# Wav2Vec2 Automatic Transcription

In [None]:
import gradio as gr
import librosa
import torch
from transformers import Wav2Vec2Processor, Wav2Vec2ForCTC

The `Wav2Vec2Processor` can be used for tokenization as well as feature extraction depending on the `__call__`. More info [here](https://huggingface.co/transformers/model_doc/wav2vec2.html#transformers.Wav2Vec2Processor.__call__)

In [None]:
# load the models and their processor
processor = Wav2Vec2Processor.from_pretrained("facebook/wav2vec2-large-robust-ft-libri-960h")
model = Wav2Vec2ForCTC.from_pretrained("facebook/wav2vec2-large-robust-ft-libri-960h")

In [None]:
# define speech-to-text function for wav2vec2 
def asr_transcript(audio_file):
    transcript = ""

    # Stream over 20 seconds chunks
    stream = librosa.stream(
        audio_file, block_length=20, frame_length=16000, hop_length=16000
    )

    for speech in stream:
        if len(speech.shape) > 1:
            speech = speech[:, 0] + speech[:, 1]

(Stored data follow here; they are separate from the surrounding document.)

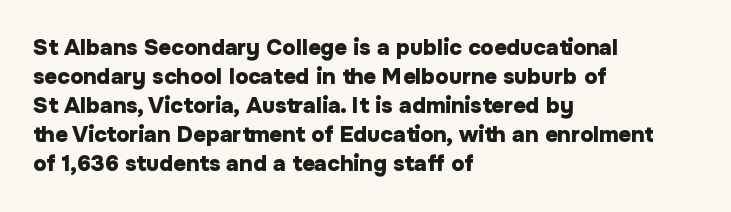
The image shows 22 px bold type, upright; set left-aligned, normal line spacing (1.32x), normal letter spacing, not underlined.
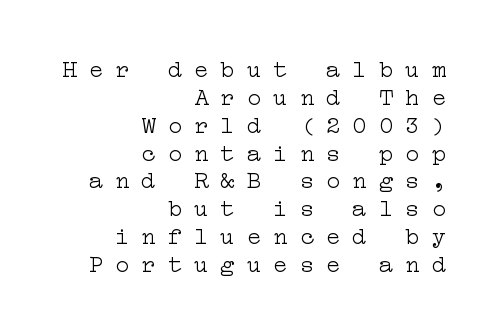
Q: Is the text bold? A: No.
Q: Is the text italic (slanted)? A: No, it is upright.
Q: Is the text underlined? A: No.
Q: How is the paragraph aligned? A: Right-aligned.
Q: Is the spacing between letters normal or unusually wide? A: Unusually wide.
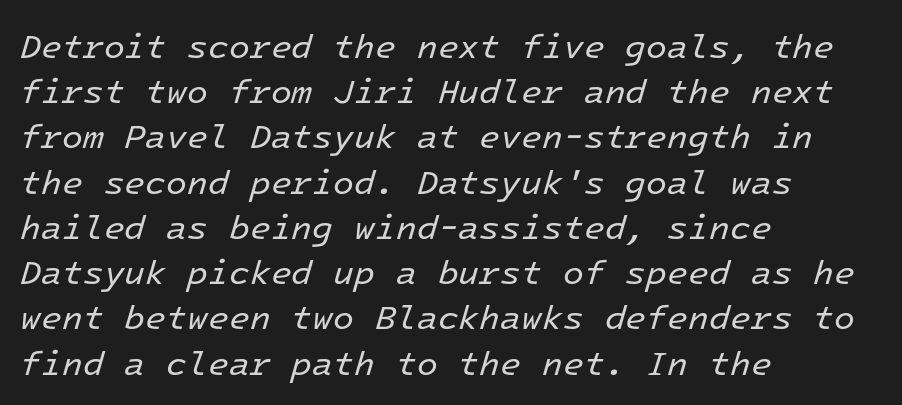
Q: Is the text bold? A: No.
Q: Is the text italic (slanted)? A: Yes, it leans right by about 16 degrees.
Q: Is the text underlined? A: No.
Q: How is the paragraph aligned? A: Left-aligned.
Q: Is the spacing between letters normal or unusually wide? A: Normal.
Q: Is the spacing between lines tight, normal or loose? A: Normal.
Q: Width (condensed, normal, or wide)? A: Normal.
Q: Stroke contrast? A: Low.
Q: x-height? A: Medium.
Q: Monospaced? A: Yes.
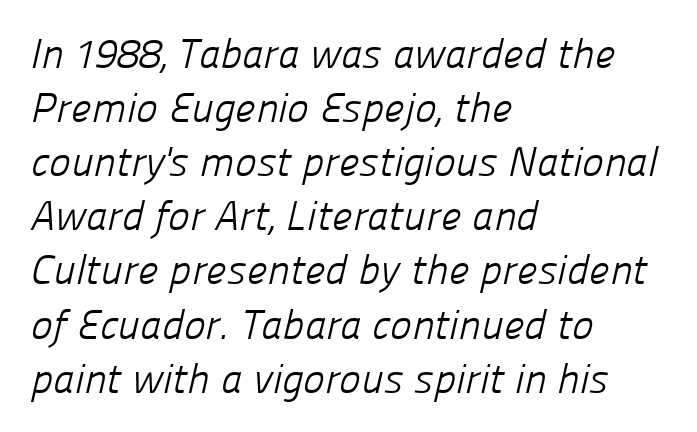
{"serif": "no", "bold": "no", "weight": "light", "width": "normal", "stroke_contrast": "low", "x_height": "medium", "monospaced": "no", "underline": "no", "align": "left", "line_spacing": "normal", "line_spacing_ratio": 1.32, "letter_spacing": "normal", "letter_spacing_em": 0.0, "glyph_px": 41}
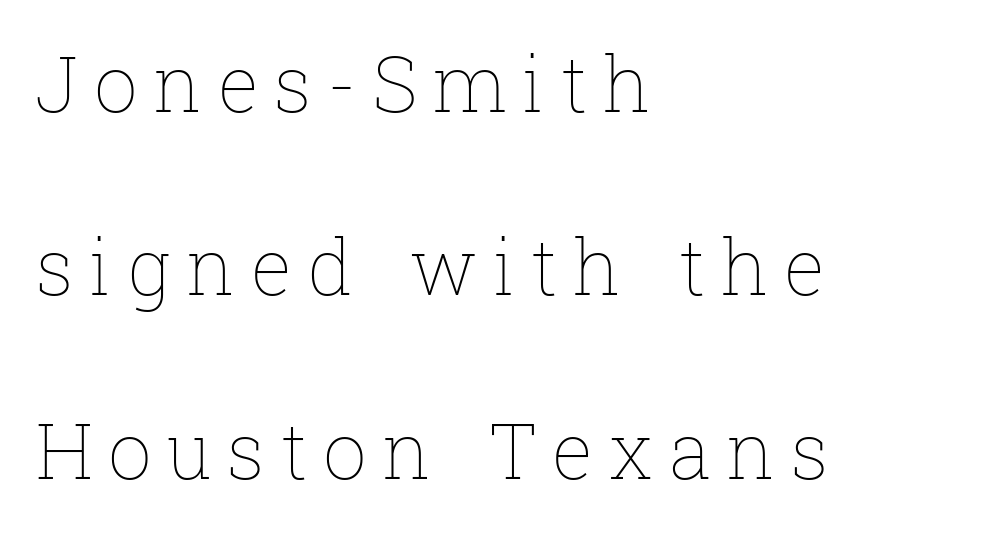
A great deal of white space separates one row of letters from the next. The strip under each line holds only bare page. Is this a fixed-width face? No — the glyphs have proportional, varying widths. All the whitespace from short lines collects on the right.
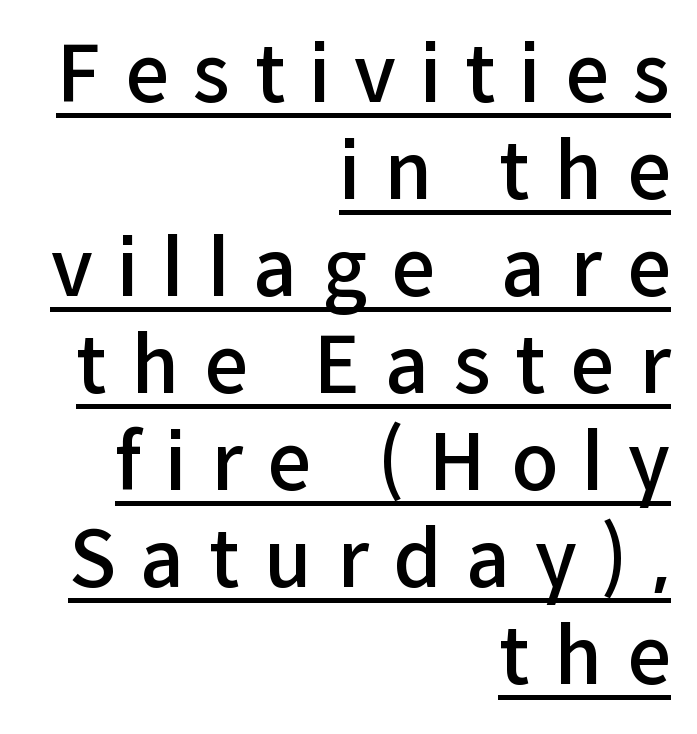
A flush-right, rag-left setting is used for this passage. Italic? Not at all — the glyphs are vertical. Each word looks stretched out because of the extra space between its letters. Proportional: the letters do not fall into vertical columns.

        input_values = processor(speech, sampling_rate=16_000, return_tensors="pt").input_values
        with torch.no_grad():
            logits = model(input_values).logits
            predicted_ids = torch.argmax(logits, dim=-1)
        transcription = processor.batch_decode(predicted_ids)[0]
        transcript += transcription.lower() + ". "

    return transcript


In [None]:
gradio_ui = gr.Interface(
    fn=asr_transcript,
    title="Automatic Transcription with Wav2Vec2",
    description="Upload a flac/wav audio with a sampling rate of 16kHz",
    inputs=gr.inputs.Audio(label="Upload Audio File", type="filepath"),
    outputs=gr.outputs.Textbox(label="Automatically Transcribed by facebook/wav2vec2-large-robust-ft-libri-960h")
)
gradio_ui.launch()